● **EXERCISE OBJECTIVE**
Scan the entries for the word "down". Every line that has it should be copied.

[Source data]
● ● ● ●

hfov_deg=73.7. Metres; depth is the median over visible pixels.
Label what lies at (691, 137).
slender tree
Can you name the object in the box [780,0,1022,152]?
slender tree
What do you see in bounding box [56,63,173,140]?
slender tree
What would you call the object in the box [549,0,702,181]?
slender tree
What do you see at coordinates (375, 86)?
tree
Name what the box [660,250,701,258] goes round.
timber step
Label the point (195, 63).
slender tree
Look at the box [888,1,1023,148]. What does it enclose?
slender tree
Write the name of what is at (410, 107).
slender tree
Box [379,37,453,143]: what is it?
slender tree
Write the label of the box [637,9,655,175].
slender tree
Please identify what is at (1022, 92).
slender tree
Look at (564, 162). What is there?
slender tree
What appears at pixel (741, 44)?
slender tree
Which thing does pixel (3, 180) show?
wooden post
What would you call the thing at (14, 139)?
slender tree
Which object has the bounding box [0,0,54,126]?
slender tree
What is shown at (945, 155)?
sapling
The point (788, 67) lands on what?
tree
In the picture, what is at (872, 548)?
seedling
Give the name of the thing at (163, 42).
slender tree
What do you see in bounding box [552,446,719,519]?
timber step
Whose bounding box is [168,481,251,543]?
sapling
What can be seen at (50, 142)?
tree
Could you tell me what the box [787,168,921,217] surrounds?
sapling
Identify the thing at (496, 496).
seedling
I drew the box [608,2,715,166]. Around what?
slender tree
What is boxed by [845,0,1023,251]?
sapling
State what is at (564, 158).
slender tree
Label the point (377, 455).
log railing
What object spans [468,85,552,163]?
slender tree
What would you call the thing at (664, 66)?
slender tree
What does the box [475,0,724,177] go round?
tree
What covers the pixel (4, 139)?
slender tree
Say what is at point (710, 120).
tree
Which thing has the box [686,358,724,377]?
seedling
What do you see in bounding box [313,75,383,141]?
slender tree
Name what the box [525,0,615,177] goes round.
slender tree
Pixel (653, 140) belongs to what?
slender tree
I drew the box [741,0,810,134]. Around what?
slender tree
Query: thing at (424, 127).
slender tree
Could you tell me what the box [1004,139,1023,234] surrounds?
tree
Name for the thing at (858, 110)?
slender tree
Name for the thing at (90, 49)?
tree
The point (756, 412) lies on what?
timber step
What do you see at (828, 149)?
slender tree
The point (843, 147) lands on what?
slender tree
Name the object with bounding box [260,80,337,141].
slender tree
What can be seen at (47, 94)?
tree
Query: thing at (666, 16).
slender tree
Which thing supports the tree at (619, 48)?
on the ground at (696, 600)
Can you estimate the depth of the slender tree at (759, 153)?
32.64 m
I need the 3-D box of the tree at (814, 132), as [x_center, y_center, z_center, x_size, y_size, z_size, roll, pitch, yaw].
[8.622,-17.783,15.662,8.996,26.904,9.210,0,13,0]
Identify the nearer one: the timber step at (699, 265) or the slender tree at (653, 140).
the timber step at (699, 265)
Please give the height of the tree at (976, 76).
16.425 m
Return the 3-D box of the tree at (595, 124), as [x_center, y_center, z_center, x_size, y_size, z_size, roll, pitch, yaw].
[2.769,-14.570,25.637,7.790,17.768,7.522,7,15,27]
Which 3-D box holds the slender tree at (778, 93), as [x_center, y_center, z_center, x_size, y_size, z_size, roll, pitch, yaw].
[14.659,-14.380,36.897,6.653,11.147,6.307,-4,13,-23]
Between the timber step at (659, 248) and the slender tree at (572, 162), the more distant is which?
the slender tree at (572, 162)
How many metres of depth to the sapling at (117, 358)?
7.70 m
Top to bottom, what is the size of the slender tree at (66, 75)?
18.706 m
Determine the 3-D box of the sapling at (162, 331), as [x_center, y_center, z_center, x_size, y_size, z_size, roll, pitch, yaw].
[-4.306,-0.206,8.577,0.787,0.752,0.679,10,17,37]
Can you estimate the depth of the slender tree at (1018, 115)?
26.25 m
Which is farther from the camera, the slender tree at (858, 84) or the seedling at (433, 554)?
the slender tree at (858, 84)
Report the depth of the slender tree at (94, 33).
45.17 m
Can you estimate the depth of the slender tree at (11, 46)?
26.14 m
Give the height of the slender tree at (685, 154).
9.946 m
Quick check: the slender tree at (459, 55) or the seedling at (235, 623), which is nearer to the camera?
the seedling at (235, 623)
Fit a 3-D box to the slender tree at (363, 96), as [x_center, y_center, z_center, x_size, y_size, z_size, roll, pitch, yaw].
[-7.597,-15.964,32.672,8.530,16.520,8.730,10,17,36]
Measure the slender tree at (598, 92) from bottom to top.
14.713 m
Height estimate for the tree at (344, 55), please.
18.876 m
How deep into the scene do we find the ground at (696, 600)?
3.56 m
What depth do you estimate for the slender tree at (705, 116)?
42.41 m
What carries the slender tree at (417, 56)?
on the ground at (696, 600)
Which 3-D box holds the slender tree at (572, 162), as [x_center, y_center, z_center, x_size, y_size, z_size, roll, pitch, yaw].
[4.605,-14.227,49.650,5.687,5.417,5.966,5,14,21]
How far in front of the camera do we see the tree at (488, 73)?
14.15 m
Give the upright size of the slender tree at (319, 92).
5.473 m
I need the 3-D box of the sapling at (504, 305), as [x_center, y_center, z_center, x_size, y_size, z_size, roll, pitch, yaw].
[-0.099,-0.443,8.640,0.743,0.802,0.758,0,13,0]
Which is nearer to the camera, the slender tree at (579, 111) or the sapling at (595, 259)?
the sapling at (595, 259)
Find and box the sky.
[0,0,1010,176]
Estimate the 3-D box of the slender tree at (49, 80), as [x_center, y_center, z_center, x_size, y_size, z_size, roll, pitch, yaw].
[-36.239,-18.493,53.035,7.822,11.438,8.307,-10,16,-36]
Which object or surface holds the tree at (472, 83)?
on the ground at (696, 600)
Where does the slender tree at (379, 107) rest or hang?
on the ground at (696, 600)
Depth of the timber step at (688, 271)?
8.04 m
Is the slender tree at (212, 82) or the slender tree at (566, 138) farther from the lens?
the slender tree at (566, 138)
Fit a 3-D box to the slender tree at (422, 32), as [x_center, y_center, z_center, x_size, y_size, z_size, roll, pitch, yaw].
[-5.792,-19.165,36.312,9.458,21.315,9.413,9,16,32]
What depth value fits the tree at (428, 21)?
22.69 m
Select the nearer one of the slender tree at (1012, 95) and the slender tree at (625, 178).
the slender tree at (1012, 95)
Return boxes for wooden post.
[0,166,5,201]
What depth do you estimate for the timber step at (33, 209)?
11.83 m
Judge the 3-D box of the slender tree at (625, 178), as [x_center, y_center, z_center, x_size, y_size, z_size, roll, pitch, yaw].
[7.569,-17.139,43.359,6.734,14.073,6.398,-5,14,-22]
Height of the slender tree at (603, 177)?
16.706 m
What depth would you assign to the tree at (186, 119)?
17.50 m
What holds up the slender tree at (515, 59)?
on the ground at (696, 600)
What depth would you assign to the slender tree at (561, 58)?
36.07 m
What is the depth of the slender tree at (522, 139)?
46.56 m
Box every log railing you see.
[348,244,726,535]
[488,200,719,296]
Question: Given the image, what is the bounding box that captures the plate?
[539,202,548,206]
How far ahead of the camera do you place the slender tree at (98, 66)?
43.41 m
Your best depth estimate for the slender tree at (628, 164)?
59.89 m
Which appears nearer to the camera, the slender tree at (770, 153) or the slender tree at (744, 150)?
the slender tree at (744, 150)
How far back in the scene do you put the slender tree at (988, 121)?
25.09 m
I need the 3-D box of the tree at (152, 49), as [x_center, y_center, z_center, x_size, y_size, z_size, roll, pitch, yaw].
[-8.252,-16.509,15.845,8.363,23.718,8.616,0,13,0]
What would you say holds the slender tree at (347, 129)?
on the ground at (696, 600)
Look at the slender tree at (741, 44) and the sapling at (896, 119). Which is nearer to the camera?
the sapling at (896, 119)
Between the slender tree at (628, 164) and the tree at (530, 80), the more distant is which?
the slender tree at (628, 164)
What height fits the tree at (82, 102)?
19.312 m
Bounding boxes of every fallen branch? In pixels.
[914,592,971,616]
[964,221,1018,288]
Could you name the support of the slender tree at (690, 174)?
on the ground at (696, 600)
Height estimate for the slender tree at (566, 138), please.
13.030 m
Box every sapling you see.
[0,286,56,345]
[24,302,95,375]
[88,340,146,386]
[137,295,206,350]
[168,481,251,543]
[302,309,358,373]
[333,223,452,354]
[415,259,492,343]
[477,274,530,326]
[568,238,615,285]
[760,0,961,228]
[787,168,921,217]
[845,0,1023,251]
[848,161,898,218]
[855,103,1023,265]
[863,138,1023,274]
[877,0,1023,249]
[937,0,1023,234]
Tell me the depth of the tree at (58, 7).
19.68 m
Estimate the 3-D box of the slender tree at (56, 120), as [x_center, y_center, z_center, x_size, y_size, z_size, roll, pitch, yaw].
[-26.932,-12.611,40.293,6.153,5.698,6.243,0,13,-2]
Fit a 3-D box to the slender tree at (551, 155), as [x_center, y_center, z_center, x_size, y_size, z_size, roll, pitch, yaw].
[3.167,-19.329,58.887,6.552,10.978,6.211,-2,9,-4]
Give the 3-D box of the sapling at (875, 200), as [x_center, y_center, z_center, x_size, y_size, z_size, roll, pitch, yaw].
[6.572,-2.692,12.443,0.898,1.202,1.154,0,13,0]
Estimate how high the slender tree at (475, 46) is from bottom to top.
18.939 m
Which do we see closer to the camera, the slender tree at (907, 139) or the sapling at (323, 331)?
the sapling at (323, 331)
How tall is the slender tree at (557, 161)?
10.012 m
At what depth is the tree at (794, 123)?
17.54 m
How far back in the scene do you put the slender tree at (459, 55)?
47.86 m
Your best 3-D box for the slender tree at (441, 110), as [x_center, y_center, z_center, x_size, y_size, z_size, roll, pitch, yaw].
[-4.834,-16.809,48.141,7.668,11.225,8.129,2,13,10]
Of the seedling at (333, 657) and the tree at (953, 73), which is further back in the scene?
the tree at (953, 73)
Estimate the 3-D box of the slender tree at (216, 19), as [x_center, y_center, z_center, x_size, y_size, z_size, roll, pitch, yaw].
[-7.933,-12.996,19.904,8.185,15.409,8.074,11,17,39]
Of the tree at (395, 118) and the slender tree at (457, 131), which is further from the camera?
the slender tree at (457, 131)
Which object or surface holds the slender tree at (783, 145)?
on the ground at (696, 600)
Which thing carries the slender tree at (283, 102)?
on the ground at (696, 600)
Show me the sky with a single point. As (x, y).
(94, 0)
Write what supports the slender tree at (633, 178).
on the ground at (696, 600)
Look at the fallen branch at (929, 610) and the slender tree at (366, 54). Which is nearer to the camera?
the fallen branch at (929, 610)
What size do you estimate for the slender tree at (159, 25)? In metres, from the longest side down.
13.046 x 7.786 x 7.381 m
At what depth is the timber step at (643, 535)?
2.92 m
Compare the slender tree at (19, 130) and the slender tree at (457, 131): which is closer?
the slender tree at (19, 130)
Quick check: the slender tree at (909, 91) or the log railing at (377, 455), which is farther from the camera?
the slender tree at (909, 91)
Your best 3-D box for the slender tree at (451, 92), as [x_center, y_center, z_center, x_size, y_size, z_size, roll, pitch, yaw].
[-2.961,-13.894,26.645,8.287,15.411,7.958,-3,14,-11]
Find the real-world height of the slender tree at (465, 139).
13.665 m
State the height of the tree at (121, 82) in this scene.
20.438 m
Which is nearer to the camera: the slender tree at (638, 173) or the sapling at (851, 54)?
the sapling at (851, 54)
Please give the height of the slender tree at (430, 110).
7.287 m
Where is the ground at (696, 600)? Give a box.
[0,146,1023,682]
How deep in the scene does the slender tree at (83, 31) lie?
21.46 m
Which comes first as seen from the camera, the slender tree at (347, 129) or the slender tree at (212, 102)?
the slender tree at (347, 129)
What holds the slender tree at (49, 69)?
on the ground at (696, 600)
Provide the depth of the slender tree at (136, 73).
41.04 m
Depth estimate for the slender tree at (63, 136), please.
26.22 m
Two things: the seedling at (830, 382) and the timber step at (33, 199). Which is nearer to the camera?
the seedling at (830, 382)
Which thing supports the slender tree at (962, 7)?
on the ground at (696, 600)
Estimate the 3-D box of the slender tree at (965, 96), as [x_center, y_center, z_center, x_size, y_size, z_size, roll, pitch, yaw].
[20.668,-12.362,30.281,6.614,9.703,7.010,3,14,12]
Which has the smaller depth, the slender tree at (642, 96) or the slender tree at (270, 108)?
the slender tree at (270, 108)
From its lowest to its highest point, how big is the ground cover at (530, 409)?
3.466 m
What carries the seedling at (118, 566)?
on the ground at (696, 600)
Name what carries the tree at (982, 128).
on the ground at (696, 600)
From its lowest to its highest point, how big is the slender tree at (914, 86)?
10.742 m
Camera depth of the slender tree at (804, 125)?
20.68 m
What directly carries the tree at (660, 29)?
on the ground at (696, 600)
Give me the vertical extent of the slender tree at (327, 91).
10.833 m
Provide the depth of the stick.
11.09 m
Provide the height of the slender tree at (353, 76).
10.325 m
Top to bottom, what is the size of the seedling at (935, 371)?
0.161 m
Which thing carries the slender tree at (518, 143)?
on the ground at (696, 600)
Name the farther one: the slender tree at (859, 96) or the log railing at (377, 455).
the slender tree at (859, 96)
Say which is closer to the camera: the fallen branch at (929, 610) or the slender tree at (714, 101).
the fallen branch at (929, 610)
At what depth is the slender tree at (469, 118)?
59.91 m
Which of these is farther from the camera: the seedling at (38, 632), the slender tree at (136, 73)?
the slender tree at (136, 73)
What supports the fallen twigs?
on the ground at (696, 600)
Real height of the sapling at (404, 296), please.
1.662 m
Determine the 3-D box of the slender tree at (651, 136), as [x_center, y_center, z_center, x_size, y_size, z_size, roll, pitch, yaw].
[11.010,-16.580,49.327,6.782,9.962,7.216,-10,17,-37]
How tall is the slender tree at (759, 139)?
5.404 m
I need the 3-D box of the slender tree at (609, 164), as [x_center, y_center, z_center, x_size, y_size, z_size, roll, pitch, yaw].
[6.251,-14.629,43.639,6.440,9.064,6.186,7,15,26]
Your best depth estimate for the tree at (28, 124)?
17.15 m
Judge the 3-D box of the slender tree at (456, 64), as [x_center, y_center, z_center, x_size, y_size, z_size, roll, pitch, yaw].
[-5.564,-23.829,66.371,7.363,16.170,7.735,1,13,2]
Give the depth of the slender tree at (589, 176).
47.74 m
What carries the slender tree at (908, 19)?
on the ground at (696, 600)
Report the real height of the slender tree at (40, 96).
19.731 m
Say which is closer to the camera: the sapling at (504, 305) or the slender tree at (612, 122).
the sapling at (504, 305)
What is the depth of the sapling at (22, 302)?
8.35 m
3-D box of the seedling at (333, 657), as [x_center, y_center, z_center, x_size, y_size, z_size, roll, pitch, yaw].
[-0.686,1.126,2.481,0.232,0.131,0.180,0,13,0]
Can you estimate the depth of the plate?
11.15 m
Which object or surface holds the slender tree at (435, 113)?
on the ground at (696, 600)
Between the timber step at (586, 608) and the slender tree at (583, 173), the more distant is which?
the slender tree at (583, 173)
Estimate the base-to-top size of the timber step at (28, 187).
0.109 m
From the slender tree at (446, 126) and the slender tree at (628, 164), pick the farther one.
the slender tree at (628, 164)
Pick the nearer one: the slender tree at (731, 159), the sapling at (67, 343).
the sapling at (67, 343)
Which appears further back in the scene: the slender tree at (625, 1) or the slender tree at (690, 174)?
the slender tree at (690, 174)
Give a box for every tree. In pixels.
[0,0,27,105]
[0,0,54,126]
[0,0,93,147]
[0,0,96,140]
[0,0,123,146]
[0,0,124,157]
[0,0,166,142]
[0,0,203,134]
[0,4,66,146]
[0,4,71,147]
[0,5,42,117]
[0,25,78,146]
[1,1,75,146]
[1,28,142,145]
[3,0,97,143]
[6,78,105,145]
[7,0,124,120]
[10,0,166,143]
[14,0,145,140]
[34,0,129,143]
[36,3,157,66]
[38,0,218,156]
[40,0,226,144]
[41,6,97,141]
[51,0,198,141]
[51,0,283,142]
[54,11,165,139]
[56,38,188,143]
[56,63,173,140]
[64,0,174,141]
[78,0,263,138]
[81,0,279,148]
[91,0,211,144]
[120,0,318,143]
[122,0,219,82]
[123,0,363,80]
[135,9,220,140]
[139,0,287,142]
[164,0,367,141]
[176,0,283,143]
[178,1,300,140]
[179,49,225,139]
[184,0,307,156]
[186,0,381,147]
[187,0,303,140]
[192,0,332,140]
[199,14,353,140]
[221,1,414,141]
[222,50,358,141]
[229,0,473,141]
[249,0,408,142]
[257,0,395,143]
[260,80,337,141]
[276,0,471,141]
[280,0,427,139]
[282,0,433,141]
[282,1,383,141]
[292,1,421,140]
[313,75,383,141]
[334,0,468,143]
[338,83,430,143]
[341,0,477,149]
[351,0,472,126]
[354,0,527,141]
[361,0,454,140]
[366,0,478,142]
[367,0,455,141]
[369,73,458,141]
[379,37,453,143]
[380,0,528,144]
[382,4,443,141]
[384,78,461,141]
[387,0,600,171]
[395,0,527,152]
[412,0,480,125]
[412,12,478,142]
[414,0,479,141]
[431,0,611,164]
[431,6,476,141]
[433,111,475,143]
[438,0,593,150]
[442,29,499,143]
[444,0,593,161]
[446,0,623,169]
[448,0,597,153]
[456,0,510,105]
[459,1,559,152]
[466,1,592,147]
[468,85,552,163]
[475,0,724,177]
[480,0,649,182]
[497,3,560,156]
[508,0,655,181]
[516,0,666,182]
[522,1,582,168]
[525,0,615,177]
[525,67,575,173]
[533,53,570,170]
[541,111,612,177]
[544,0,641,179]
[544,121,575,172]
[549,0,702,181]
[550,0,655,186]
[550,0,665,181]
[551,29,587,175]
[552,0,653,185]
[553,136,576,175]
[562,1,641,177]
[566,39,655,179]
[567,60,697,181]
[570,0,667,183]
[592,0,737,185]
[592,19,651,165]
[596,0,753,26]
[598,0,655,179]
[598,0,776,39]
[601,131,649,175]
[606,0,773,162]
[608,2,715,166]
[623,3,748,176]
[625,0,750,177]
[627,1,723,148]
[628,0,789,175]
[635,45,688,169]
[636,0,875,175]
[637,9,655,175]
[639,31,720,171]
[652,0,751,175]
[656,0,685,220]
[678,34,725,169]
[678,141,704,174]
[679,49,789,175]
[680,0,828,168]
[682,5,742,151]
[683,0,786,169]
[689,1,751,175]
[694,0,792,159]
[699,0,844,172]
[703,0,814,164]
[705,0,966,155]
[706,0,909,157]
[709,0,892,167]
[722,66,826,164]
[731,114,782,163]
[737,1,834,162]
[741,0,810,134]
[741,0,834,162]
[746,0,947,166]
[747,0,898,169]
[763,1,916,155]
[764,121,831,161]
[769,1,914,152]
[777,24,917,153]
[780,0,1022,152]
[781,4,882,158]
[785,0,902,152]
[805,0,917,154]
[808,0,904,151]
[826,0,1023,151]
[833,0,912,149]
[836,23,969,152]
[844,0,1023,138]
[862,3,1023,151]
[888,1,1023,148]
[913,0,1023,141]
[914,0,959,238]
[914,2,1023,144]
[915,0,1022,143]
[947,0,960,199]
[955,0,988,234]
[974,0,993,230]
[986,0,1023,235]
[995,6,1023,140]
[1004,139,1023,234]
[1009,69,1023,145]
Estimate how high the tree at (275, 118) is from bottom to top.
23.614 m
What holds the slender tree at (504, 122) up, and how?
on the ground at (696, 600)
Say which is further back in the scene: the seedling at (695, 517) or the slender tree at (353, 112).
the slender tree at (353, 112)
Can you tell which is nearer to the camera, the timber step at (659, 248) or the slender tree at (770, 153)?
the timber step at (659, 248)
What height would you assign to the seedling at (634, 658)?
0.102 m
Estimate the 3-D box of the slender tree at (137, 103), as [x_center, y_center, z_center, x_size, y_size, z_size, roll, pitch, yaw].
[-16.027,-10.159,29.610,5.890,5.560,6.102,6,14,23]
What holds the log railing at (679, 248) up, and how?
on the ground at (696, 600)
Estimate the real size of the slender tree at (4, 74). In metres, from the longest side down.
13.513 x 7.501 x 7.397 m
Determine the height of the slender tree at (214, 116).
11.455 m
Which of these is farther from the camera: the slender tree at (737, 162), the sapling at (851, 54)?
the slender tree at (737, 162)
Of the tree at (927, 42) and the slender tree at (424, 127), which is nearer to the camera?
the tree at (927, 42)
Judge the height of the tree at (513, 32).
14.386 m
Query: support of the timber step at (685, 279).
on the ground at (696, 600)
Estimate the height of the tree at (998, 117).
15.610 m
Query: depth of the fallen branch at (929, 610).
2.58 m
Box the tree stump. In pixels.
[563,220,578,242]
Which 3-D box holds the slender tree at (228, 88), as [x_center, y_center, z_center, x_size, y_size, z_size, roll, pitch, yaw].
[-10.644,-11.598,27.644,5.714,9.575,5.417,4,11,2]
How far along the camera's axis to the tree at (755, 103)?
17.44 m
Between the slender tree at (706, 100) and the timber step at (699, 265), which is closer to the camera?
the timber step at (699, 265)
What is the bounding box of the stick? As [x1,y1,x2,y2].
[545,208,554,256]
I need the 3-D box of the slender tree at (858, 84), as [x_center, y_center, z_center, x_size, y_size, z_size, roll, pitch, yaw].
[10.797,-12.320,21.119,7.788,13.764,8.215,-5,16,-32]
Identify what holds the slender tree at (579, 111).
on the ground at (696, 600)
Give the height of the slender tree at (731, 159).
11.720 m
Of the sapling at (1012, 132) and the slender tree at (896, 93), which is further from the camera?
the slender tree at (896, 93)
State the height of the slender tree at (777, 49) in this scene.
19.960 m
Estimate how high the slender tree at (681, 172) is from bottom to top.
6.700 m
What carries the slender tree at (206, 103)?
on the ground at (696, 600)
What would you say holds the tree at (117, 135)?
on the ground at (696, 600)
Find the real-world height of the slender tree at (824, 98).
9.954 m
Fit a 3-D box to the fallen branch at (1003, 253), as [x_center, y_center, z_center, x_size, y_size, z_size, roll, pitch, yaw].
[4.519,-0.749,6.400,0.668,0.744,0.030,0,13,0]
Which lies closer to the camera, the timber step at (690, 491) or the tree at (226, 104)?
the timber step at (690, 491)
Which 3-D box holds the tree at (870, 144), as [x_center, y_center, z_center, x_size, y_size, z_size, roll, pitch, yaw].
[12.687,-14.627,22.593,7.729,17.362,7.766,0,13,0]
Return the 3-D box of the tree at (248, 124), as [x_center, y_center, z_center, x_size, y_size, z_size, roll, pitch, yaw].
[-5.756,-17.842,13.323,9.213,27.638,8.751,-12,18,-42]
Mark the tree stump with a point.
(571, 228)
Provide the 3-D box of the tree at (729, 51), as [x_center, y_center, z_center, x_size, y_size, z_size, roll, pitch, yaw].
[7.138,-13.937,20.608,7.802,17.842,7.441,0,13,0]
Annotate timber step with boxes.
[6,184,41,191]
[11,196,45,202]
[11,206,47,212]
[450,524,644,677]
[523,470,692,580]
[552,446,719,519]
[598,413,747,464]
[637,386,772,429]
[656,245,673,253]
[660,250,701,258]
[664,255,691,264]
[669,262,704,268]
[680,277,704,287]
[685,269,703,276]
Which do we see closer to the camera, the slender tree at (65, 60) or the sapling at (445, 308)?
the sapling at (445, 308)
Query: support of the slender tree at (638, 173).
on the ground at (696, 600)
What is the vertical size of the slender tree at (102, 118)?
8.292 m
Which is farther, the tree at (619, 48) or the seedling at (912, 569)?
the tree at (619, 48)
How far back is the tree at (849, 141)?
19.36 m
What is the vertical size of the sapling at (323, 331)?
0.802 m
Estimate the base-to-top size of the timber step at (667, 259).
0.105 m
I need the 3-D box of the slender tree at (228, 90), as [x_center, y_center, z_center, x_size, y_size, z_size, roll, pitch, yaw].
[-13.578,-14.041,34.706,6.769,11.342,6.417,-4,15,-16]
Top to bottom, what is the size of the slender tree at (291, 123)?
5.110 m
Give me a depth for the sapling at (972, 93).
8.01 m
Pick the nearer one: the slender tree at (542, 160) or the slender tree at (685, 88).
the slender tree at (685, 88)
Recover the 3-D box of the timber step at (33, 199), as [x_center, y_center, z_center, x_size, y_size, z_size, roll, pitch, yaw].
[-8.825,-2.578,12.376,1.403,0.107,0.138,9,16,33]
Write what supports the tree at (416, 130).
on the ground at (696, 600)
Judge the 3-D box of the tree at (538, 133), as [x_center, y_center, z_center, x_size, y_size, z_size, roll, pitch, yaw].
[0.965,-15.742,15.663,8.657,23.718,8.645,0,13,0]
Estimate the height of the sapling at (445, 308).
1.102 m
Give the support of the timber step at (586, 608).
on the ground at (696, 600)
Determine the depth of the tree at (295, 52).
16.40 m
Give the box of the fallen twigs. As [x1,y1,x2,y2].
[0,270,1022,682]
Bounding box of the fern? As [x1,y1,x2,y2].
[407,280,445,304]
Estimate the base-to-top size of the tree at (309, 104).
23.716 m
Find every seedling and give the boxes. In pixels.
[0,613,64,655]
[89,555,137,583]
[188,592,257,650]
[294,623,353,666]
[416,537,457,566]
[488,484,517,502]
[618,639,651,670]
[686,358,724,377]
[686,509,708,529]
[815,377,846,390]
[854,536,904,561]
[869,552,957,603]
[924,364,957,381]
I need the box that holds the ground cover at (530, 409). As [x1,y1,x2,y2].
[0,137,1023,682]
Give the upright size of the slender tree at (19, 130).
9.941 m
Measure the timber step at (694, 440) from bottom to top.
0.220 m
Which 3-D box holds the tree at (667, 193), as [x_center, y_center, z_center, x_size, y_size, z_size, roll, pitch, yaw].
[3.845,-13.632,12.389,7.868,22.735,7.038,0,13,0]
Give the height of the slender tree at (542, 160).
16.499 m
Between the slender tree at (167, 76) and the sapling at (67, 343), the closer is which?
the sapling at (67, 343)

● ● ● ●

● **SOLUTION**
What size do you estimate for the slender tree at (159, 25)? In metres, from the longest side down.
Estimate the real size of the slender tree at (4, 74). In metres, from the longest side down.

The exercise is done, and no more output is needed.